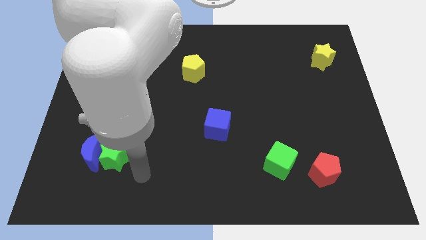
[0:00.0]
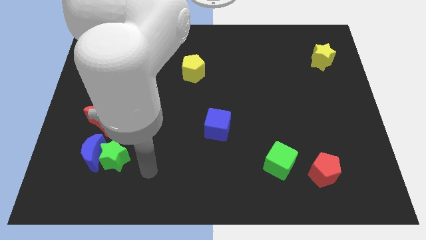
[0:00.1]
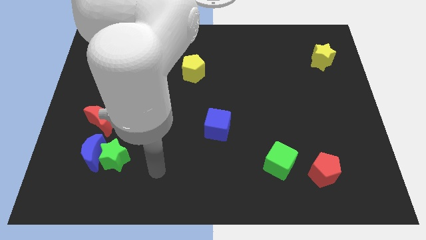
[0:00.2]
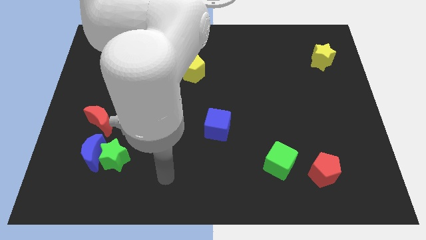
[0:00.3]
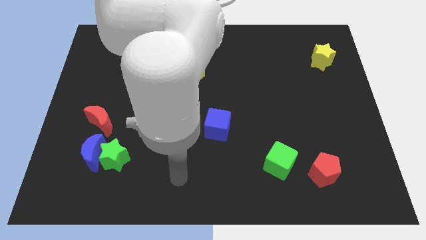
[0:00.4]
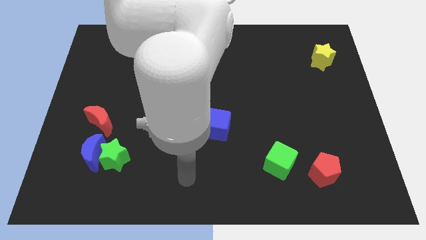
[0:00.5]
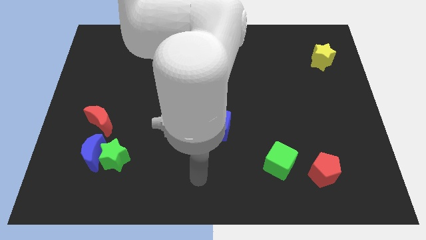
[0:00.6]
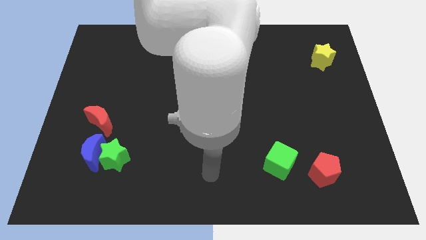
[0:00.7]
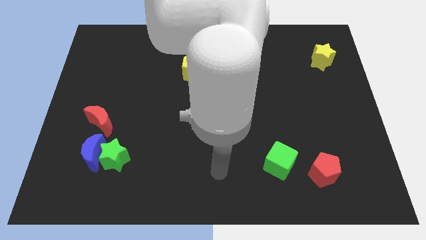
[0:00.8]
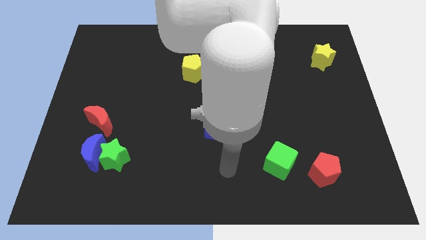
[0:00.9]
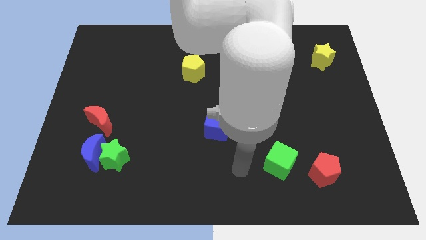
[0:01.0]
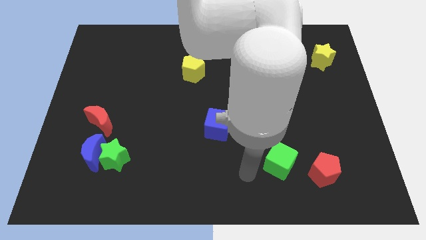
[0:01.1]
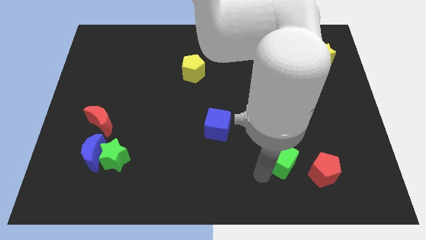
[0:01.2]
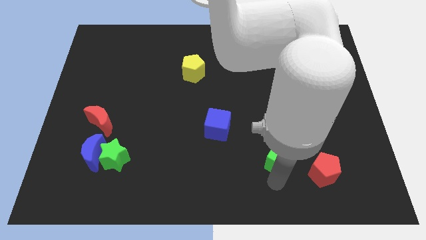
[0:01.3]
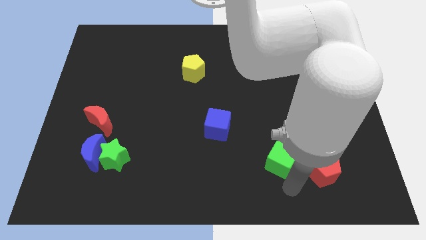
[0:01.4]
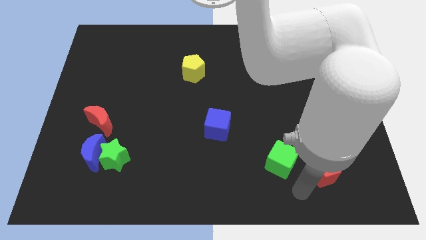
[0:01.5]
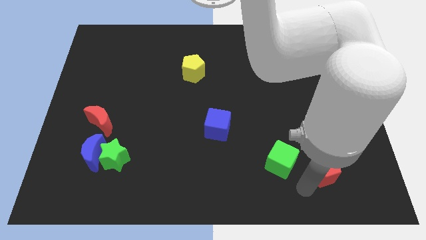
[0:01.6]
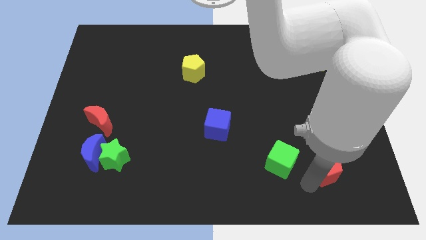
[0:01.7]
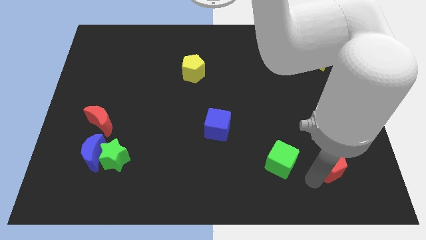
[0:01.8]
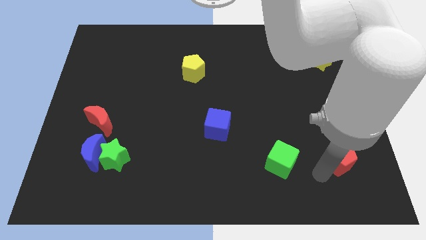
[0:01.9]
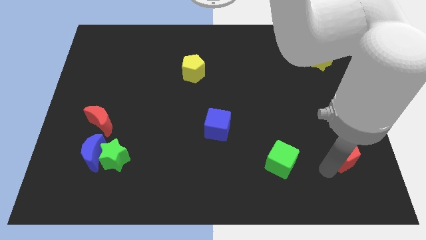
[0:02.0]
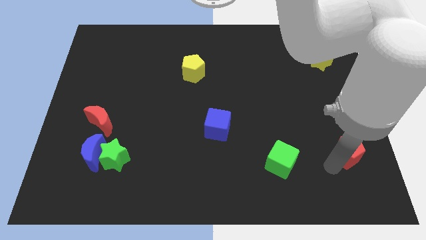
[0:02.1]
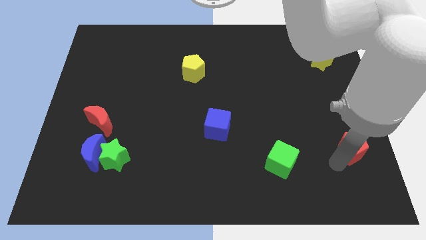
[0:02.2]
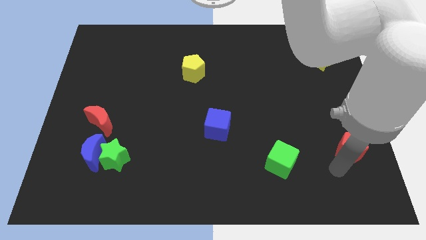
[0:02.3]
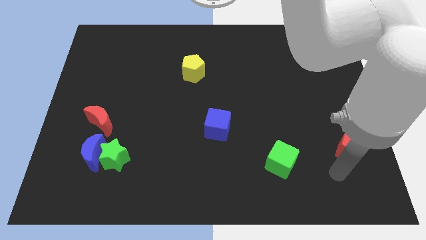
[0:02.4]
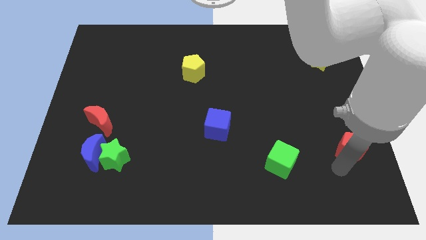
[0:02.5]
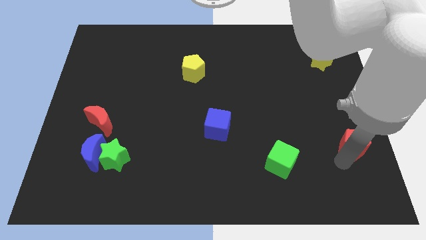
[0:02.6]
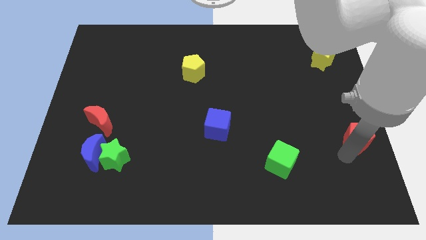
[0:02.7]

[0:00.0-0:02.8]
slide the red pentagon to the right side
——
Repeat every record above exactly. Omit the pictures.

[0:00.0]
[0:00.1]
[0:00.2]
[0:00.3]
[0:00.4]
[0:00.5]
[0:00.6]
[0:00.7]
[0:00.8]
[0:00.9]
[0:01.0]
[0:01.1]
[0:01.2]
[0:01.3]
[0:01.4]
[0:01.5]
[0:01.6]
[0:01.7]
[0:01.8]
[0:01.9]
[0:02.0]
[0:02.1]
[0:02.2]
[0:02.3]
[0:02.4]
[0:02.5]
[0:02.6]
[0:02.7]

[0:00.0-0:02.8]
slide the red pentagon to the right side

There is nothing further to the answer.